* **TASK TO CARRY OUT**
Transcribe the records verbatim, images excluded.

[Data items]

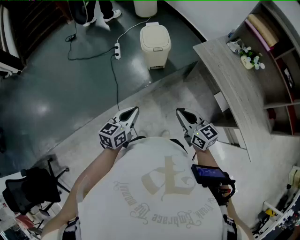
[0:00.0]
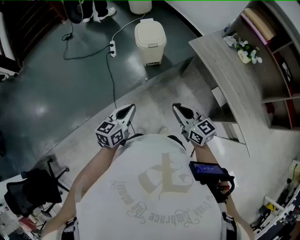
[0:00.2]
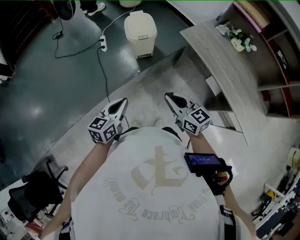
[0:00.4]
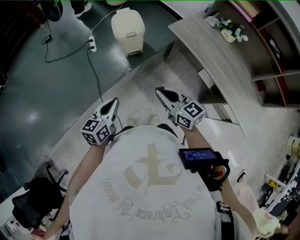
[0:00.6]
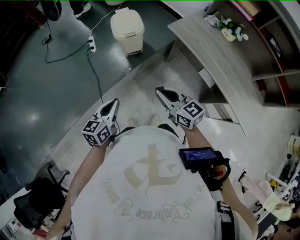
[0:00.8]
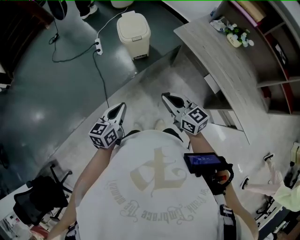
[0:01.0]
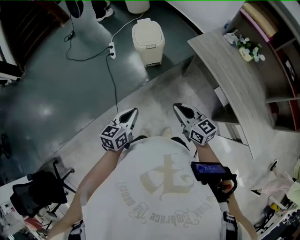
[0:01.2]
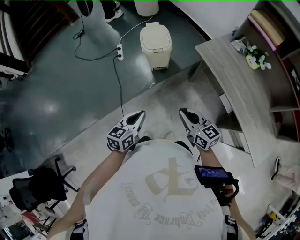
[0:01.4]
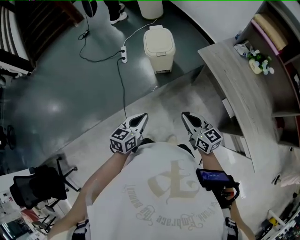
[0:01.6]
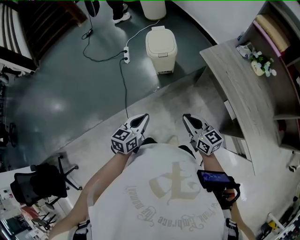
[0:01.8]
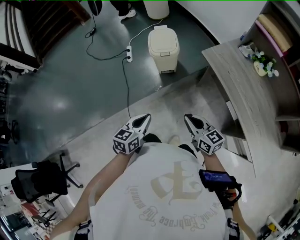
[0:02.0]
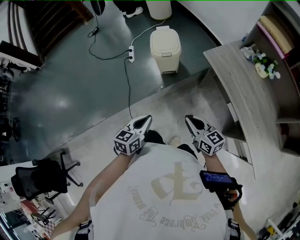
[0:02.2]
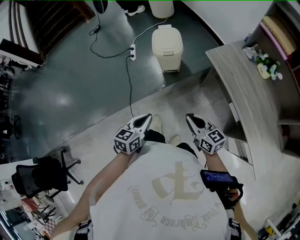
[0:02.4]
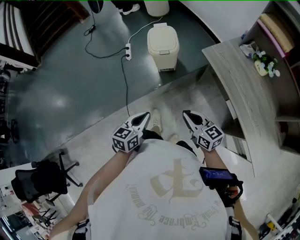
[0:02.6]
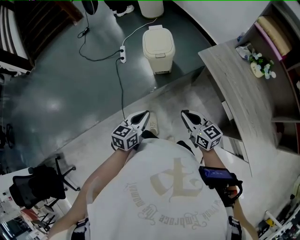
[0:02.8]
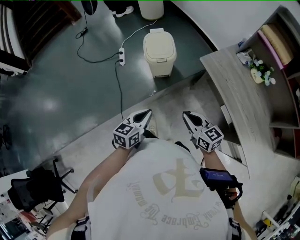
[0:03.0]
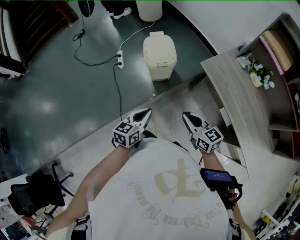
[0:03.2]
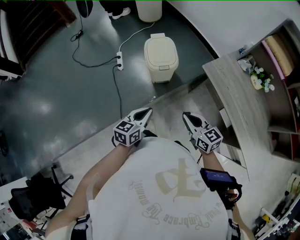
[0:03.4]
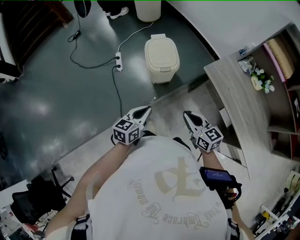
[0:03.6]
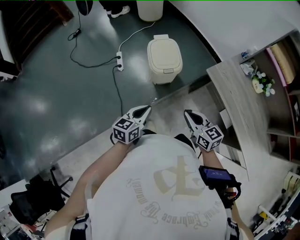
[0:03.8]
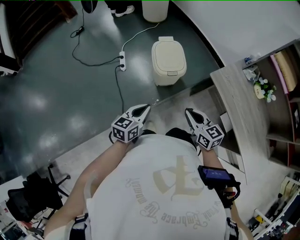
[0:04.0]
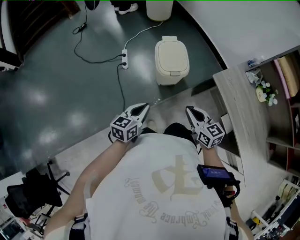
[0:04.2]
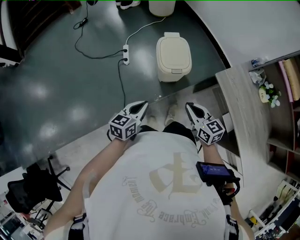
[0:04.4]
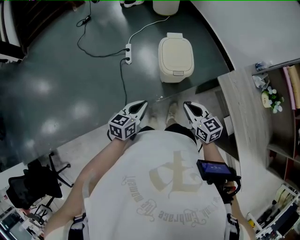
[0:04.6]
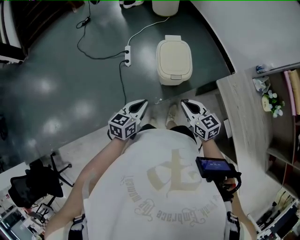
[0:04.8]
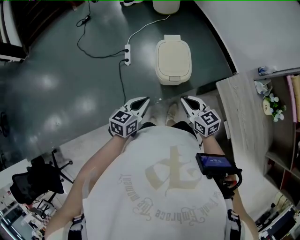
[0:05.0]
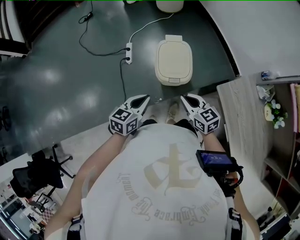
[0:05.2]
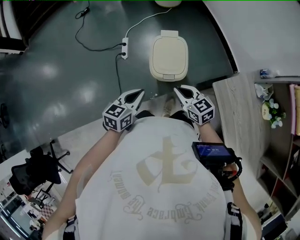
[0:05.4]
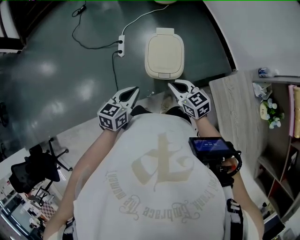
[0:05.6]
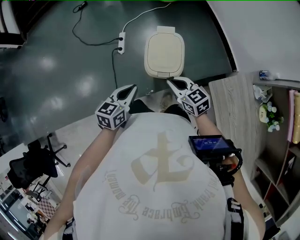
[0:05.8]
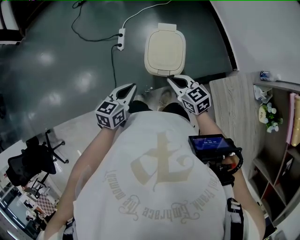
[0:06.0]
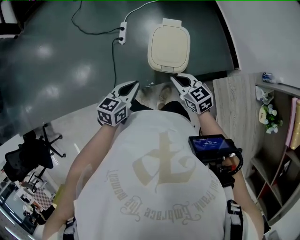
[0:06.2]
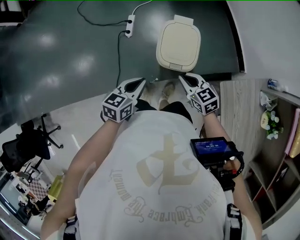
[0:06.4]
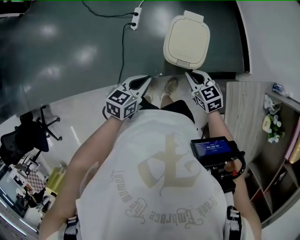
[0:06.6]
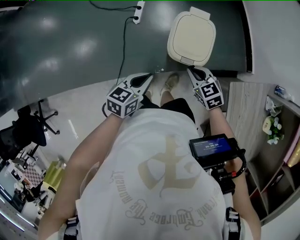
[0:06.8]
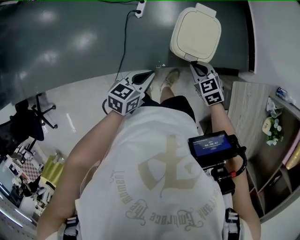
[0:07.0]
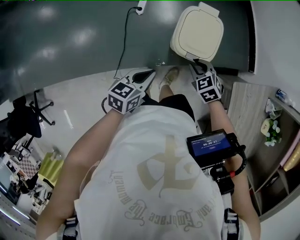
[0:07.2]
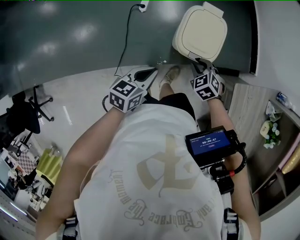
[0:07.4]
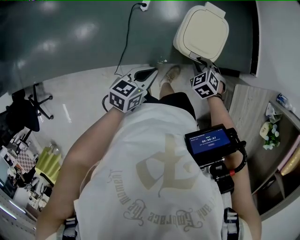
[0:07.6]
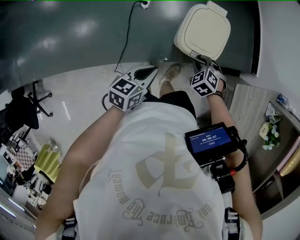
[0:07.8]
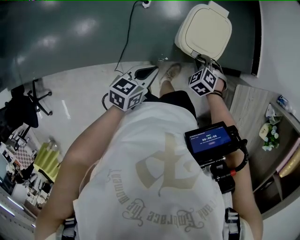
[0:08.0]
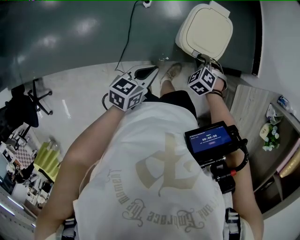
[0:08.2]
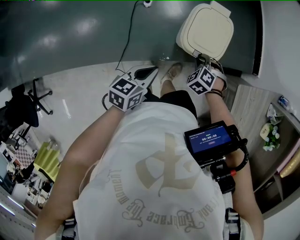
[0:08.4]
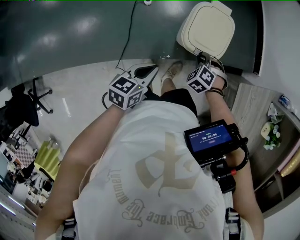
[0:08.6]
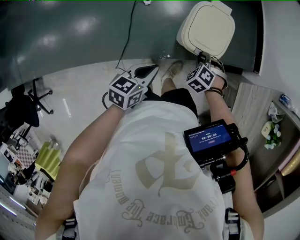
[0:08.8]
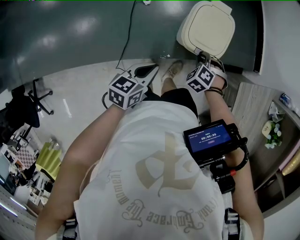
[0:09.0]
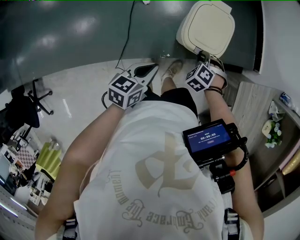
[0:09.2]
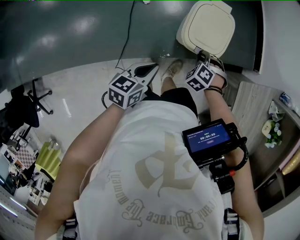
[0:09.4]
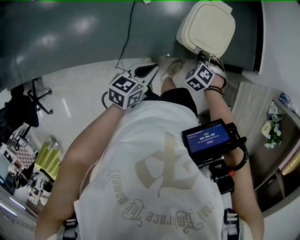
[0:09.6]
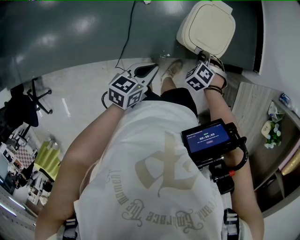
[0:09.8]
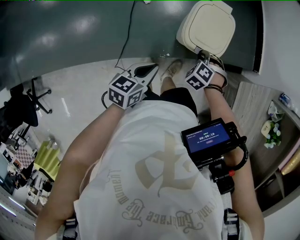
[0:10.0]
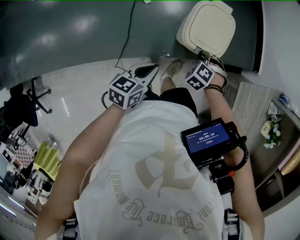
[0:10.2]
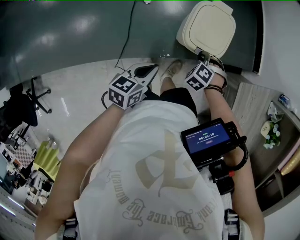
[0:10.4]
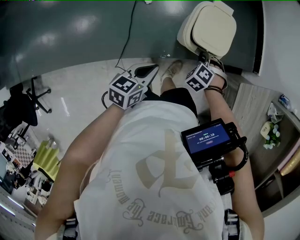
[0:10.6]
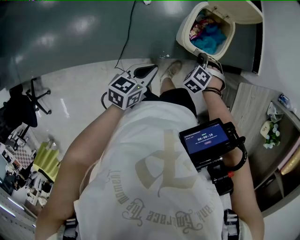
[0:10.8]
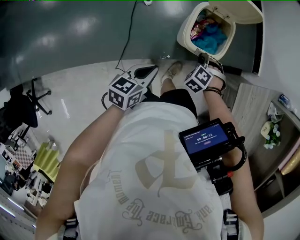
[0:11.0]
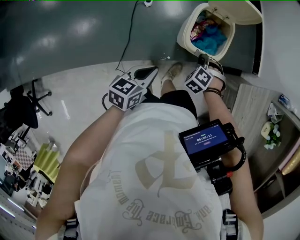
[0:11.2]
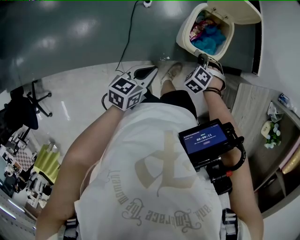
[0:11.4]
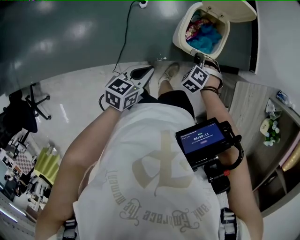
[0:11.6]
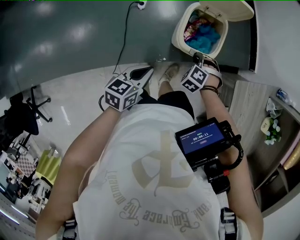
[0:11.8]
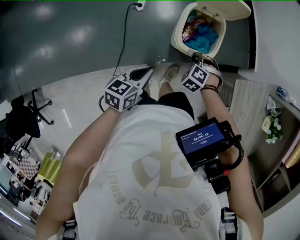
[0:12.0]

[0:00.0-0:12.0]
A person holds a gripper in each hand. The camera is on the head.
0:00.0 to 0:01.6: Both grippers travel together to the right, some 5 cm.
0:01.6 to 0:03.0: Both grippers move forward, roughly 10 cm.
0:03.0 to 0:04.4: Both grippers travel together forward and to the left, about 20 cm.
0:04.4 to 0:06.0: The right gripper shifts some 20 cm forward, and swivels roughly 20 degrees. Meanwhile the left gripper is displaced forward and to the right by approximately 20 cm.
0:06.0 to 0:07.6: The right gripper moves downward, roughly 15 cm, and tilts its fingers some 40 degrees downward, while the left gripper travels to the left and downward by approximately 10 cm.
0:07.6 to 0:09.0: The grippers move only a little.
0:09.0 to 0:12.0: The grippers move only a little.

* **TASK RESULT**
[0:00.0]
[0:00.2]
[0:00.4]
[0:00.6]
[0:00.8]
[0:01.0]
[0:01.2]
[0:01.4]
[0:01.6]
[0:01.8]
[0:02.0]
[0:02.2]
[0:02.4]
[0:02.6]
[0:02.8]
[0:03.0]
[0:03.2]
[0:03.4]
[0:03.6]
[0:03.8]
[0:04.0]
[0:04.2]
[0:04.4]
[0:04.6]
[0:04.8]
[0:05.0]
[0:05.2]
[0:05.4]
[0:05.6]
[0:05.8]
[0:06.0]
[0:06.2]
[0:06.4]
[0:06.6]
[0:06.8]
[0:07.0]
[0:07.2]
[0:07.4]
[0:07.6]
[0:07.8]
[0:08.0]
[0:08.2]
[0:08.4]
[0:08.6]
[0:08.8]
[0:09.0]
[0:09.2]
[0:09.4]
[0:09.6]
[0:09.8]
[0:10.0]
[0:10.2]
[0:10.4]
[0:10.6]
[0:10.8]
[0:11.0]
[0:11.2]
[0:11.4]
[0:11.6]
[0:11.8]
[0:12.0]

[0:00.0-0:12.0]
A person holds a gripper in each hand. The camera is on the head.
0:00.0 to 0:01.6: Both grippers travel together to the right, some 5 cm.
0:01.6 to 0:03.0: Both grippers move forward, roughly 10 cm.
0:03.0 to 0:04.4: Both grippers travel together forward and to the left, about 20 cm.
0:04.4 to 0:06.0: The right gripper shifts some 20 cm forward, and swivels roughly 20 degrees. Meanwhile the left gripper is displaced forward and to the right by approximately 20 cm.
0:06.0 to 0:07.6: The right gripper moves downward, roughly 15 cm, and tilts its fingers some 40 degrees downward, while the left gripper travels to the left and downward by approximately 10 cm.
0:07.6 to 0:09.0: The grippers move only a little.
0:09.0 to 0:12.0: The grippers move only a little.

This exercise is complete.